Records from a data source:

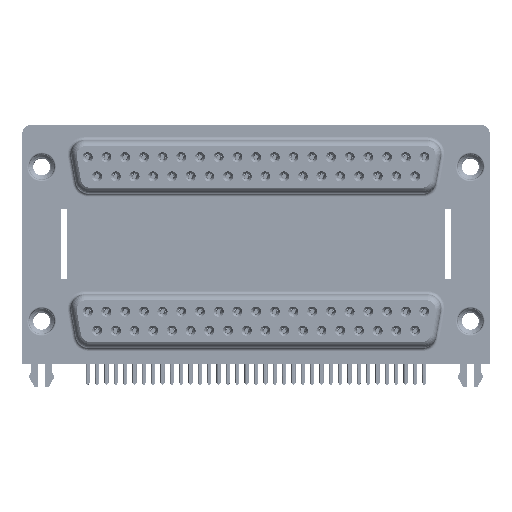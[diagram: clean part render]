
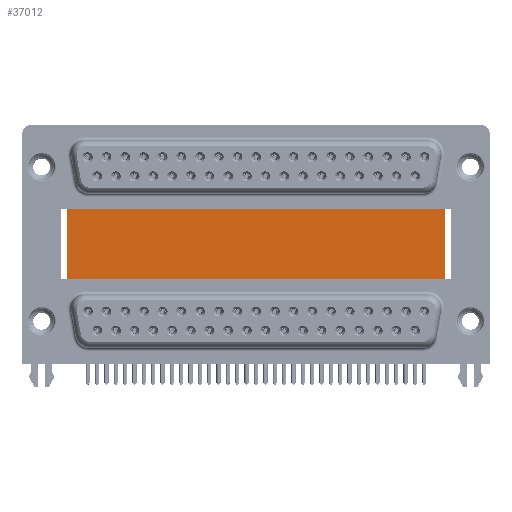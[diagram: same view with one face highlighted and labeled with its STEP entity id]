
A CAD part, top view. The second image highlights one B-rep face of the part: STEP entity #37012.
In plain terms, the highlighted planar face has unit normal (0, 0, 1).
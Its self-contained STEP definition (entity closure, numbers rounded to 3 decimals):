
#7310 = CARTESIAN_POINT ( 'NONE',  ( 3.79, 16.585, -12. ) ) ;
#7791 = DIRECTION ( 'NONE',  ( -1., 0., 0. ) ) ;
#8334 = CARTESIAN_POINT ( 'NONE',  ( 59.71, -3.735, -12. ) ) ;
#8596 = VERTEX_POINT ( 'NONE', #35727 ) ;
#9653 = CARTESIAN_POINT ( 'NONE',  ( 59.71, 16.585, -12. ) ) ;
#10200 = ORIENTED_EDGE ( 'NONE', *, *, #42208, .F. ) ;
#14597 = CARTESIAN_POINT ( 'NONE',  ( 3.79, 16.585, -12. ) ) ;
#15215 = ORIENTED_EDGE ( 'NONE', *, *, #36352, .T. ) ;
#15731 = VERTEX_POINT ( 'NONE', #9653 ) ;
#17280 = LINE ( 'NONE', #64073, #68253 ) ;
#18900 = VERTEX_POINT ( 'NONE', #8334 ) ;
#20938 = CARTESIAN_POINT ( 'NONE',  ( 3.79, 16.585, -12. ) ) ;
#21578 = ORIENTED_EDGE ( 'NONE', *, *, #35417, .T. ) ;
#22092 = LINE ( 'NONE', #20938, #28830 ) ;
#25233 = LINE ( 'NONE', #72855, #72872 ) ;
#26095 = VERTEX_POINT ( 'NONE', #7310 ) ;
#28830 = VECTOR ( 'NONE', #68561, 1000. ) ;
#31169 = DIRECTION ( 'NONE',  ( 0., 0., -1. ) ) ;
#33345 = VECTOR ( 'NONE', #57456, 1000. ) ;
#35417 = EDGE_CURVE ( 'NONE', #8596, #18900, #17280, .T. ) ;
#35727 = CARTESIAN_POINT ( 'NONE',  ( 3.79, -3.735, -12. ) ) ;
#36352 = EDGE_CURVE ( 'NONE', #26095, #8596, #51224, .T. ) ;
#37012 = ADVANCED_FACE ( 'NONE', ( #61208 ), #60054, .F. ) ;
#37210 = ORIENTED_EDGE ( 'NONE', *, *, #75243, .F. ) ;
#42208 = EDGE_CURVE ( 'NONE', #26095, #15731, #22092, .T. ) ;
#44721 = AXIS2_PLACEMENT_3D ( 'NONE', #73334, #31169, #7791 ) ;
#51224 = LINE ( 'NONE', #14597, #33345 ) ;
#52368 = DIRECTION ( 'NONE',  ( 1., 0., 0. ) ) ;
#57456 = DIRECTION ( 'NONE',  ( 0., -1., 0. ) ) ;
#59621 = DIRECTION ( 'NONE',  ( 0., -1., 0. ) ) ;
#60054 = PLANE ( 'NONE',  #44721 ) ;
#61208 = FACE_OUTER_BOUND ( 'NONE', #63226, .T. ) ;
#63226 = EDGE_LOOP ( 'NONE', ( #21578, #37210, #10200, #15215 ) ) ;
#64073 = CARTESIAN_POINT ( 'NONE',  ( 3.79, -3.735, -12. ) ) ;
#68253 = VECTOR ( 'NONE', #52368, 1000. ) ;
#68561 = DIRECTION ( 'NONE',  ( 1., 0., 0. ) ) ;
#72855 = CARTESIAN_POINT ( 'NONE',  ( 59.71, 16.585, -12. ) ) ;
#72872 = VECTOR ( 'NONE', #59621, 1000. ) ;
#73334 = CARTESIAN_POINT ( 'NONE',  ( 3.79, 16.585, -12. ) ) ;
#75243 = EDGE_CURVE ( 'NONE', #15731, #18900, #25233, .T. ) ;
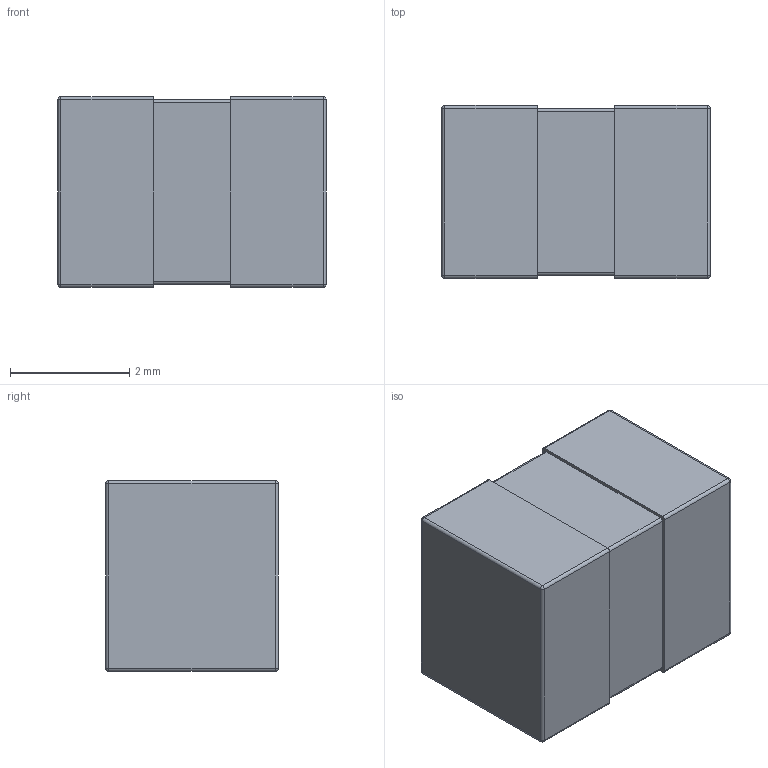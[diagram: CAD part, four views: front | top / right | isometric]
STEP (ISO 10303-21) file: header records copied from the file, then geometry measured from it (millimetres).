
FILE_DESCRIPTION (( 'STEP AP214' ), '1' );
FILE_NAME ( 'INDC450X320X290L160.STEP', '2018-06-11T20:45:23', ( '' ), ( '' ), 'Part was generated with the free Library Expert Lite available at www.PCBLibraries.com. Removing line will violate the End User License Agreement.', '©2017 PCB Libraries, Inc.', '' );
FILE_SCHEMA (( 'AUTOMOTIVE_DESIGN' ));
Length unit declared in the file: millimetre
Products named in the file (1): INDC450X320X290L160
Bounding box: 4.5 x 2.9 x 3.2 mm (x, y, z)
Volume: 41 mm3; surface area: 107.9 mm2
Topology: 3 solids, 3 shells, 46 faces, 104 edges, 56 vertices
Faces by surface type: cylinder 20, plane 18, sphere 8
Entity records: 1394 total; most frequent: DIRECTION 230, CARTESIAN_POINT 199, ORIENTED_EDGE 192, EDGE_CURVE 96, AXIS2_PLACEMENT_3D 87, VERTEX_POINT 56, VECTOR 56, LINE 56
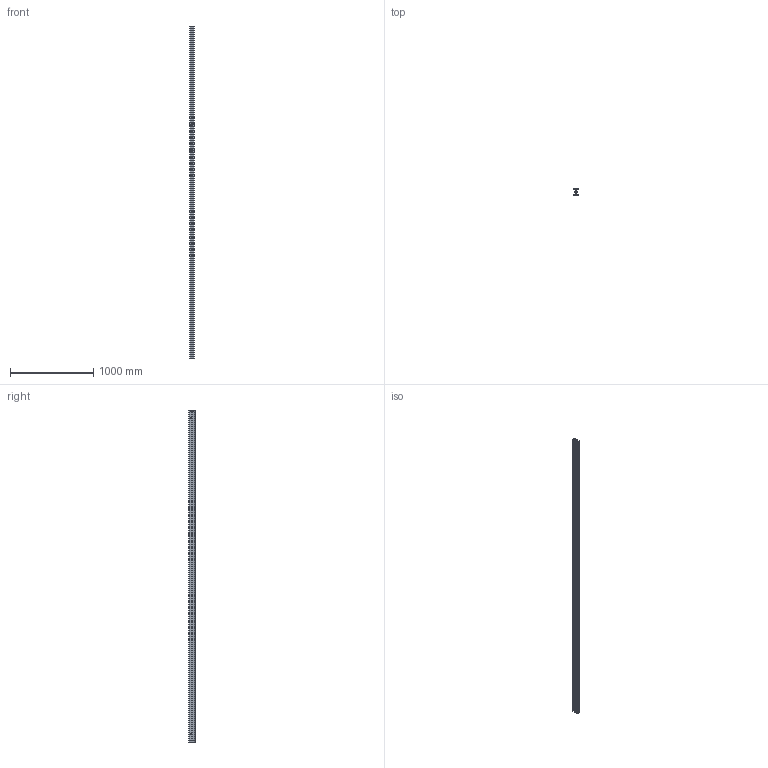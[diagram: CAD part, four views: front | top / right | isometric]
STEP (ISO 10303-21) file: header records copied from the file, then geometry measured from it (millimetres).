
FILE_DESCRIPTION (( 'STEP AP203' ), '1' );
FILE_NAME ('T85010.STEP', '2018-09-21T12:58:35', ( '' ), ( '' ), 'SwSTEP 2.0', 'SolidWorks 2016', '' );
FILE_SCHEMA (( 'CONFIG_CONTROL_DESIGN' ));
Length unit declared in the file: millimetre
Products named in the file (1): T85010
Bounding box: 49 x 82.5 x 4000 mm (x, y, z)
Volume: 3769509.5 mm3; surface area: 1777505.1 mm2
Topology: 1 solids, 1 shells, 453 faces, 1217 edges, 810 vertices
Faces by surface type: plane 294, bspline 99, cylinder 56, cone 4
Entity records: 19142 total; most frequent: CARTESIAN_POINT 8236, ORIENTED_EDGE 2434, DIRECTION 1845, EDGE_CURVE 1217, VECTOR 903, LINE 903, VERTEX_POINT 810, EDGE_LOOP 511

PROBLEM TO SOLVE: Exact repeats of the lines from the first one in the data through the line containing "#8334 = CARTESIAN_POINT" make up the answer. Pictures do not.

EXERCISE SOLUTION:
[diagram: clean part render]
[diagram: same view with one face highlighted and labeled with its STEP entity id]
A CAD part, top view. The second image highlights one B-rep face of the part: STEP entity #37012.
In plain terms, the highlighted planar face has unit normal (0, 0, 1).
Its self-contained STEP definition (entity closure, numbers rounded to 3 decimals):
#7310 = CARTESIAN_POINT ( 'NONE',  ( 3.79, 16.585, -12. ) ) ;
#7791 = DIRECTION ( 'NONE',  ( -1., 0., 0. ) ) ;
#8334 = CARTESIAN_POINT ( 'NONE',  ( 59.71, -3.735, -12. ) ) ;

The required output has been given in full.